- Born: 1961 (age 64–65) Ternitz, Austria

Academic background
- Alma mater: University of Vienna;

Academic work
- Discipline: Germanic philology
- Institutions: University of Vienna;
- Main interests: Early Germanic culture

= Robert Nedoma =

Austrian philologist (born 1961)

Robert Nedoma (born 1961) is an Austrian philologist who is professor at Department for Scandinavian Studies at the University of Vienna. He specializes in Germanic studies and Old Norse studies.

==Biography==
Robert Nedoma was born in 1961 in Ternitz, Austria. He gained his PhD at the University of Vienna in 1987 with a dissertation on Wayland the Smith, and subsequently worked as a researcher at the Institute for Germanic Studies at the University of Vienna. He completed his habilitation in 2004 with a thesis on Germanic names and runes, and was appointed an associate professor at the University of Vienna in 2010. Since 2019, Nedoma has been Professor at the Department for Scandinavian Studies at the University of Vienna.

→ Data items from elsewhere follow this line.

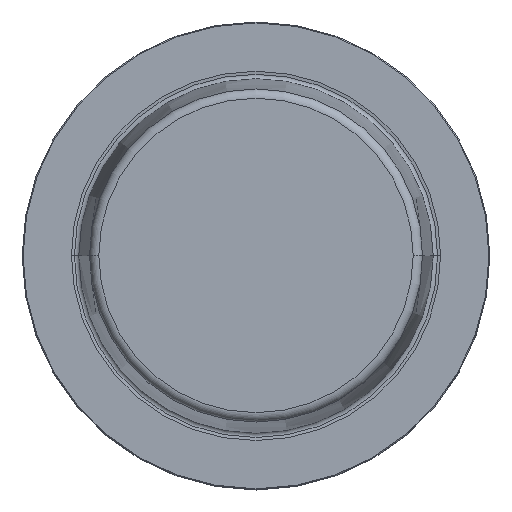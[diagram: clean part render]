
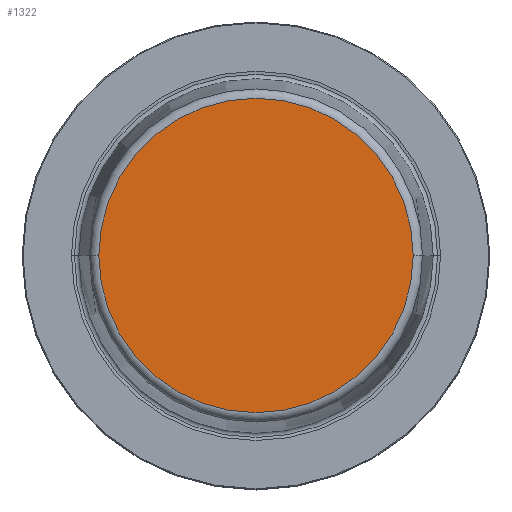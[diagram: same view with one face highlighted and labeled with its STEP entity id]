
A CAD part, top view. The second image highlights one B-rep face of the part: STEP entity #1322.
In plain terms, the highlighted planar face has unit normal (0, 0, 1).
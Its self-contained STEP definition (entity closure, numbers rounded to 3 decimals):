
#343=CARTESIAN_POINT('',(0.,0.,49.9));
#344=DIRECTION('',(0.,0.,1.));
#345=DIRECTION('',(1.,0.,0.));
#346=AXIS2_PLACEMENT_3D('',#343,#344,#345);
#351=CARTESIAN_POINT('',(0.,0.,49.9));
#352=DIRECTION('',(0.,0.,-1.));
#353=DIRECTION('',(1.,0.,0.));
#354=AXIS2_PLACEMENT_3D('',#351,#352,#353);
#967=CARTESIAN_POINT('',(33.605,0.,49.9));
#968=VERTEX_POINT('',#967);
#983=CARTESIAN_POINT('',(-33.605,0.,49.9));
#984=VERTEX_POINT('',#983);
#1313=CARTESIAN_POINT('',(0.,0.,49.9));
#1314=DIRECTION('',(0.,0.,-1.));
#1315=DIRECTION('',(-1.,0.,0.));
#1316=AXIS2_PLACEMENT_3D('',#1313,#1314,#1315);
#1317=PLANE('',#1316);
#1318=ORIENTED_EDGE('',*,*,#1306,.F.);
#1319=ORIENTED_EDGE('',*,*,#1295,.T.);
#1320=EDGE_LOOP('',(#1318,#1319));
#1321=FACE_OUTER_BOUND('',#1320,.F.);
#347=CIRCLE('',#346,33.605);
#355=CIRCLE('',#354,33.605);
#1295=EDGE_CURVE('',#968,#984,#355,.T.);
#1306=EDGE_CURVE('',#968,#984,#347,.T.);
#1322=ADVANCED_FACE('',(#1321),#1317,.F.);

Nedoma specializes in Old Norse language and Old Norse literature, runology, Germanic names, and Germanic Antiquity. He is the author of a number of articles for the second edition of the Reallexikon der Germanischen Altertumskunde, and an editor of many journals, including Die Sprache, Philologica Germanica and North-Western European Language Evolution.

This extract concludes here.